↓↓↓
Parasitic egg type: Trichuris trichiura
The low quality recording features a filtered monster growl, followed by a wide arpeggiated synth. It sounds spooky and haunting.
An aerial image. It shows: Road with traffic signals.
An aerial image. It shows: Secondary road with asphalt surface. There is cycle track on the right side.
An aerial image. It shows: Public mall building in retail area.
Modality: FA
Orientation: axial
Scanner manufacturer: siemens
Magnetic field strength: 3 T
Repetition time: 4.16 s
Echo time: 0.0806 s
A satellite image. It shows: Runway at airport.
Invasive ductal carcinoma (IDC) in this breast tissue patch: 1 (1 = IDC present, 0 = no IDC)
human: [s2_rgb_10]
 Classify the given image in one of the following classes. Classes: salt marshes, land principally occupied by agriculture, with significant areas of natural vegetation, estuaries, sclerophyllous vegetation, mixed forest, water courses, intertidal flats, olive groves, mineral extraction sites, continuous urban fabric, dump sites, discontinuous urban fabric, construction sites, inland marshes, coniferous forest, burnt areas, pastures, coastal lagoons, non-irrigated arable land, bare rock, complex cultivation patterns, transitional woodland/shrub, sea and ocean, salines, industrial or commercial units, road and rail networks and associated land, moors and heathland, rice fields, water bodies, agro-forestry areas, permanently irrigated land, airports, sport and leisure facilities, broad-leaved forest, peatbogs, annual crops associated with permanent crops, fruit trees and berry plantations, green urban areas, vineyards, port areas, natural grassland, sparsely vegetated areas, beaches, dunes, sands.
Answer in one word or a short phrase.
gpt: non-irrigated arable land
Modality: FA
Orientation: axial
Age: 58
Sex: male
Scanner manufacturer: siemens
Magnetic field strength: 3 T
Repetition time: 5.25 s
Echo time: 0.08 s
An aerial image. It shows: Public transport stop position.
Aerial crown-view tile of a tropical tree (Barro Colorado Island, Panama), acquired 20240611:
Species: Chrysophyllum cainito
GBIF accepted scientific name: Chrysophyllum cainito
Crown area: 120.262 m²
↑↑↑
▶ [What needs to be done]:
Transcribe the data above in full, exactly as it appears.

▶ [Solution below]:
Parasitic egg type: Trichuris trichiura
The low quality recording features a filtered monster growl, followed by a wide arpeggiated synth. It sounds spooky and haunting.
An aerial image. It shows: Road with traffic signals.
An aerial image. It shows: Secondary road with asphalt surface. There is cycle track on the right side.
An aerial image. It shows: Public mall building in retail area.
Modality: FA
Orientation: axial
Scanner manufacturer: siemens
Magnetic field strength: 3 T
Repetition time: 4.16 s
Echo time: 0.0806 s
A satellite image. It shows: Runway at airport.
Invasive ductal carcinoma (IDC) in this breast tissue patch: 1 (1 = IDC present, 0 = no IDC)
human: [s2_rgb_10]
 Classify the given image in one of the following classes. Classes: salt marshes, land principally occupied by agriculture, with significant areas of natural vegetation, estuaries, sclerophyllous vegetation, mixed forest, water courses, intertidal flats, olive groves, mineral extraction sites, continuous urban fabric, dump sites, discontinuous urban fabric, construction sites, inland marshes, coniferous forest, burnt areas, pastures, coastal lagoons, non-irrigated arable land, bare rock, complex cultivation patterns, transitional woodland/shrub, sea and ocean, salines, industrial or commercial units, road and rail networks and associated land, moors and heathland, rice fields, water bodies, agro-forestry areas, permanently irrigated land, airports, sport and leisure facilities, broad-leaved forest, peatbogs, annual crops associated with permanent crops, fruit trees and berry plantations, green urban areas, vineyards, port areas, natural grassland, sparsely vegetated areas, beaches, dunes, sands.
Answer in one word or a short phrase.
gpt: non-irrigated arable land
Modality: FA
Orientation: axial
Age: 58
Sex: male
Scanner manufacturer: siemens
Magnetic field strength: 3 T
Repetition time: 5.25 s
Echo time: 0.08 s
An aerial image. It shows: Public transport stop position.
Aerial crown-view tile of a tropical tree (Barro Colorado Island, Panama), acquired 20240611:
Species: Chrysophyllum cainito
GBIF accepted scientific name: Chrysophyllum cainito
Crown area: 120.262 m²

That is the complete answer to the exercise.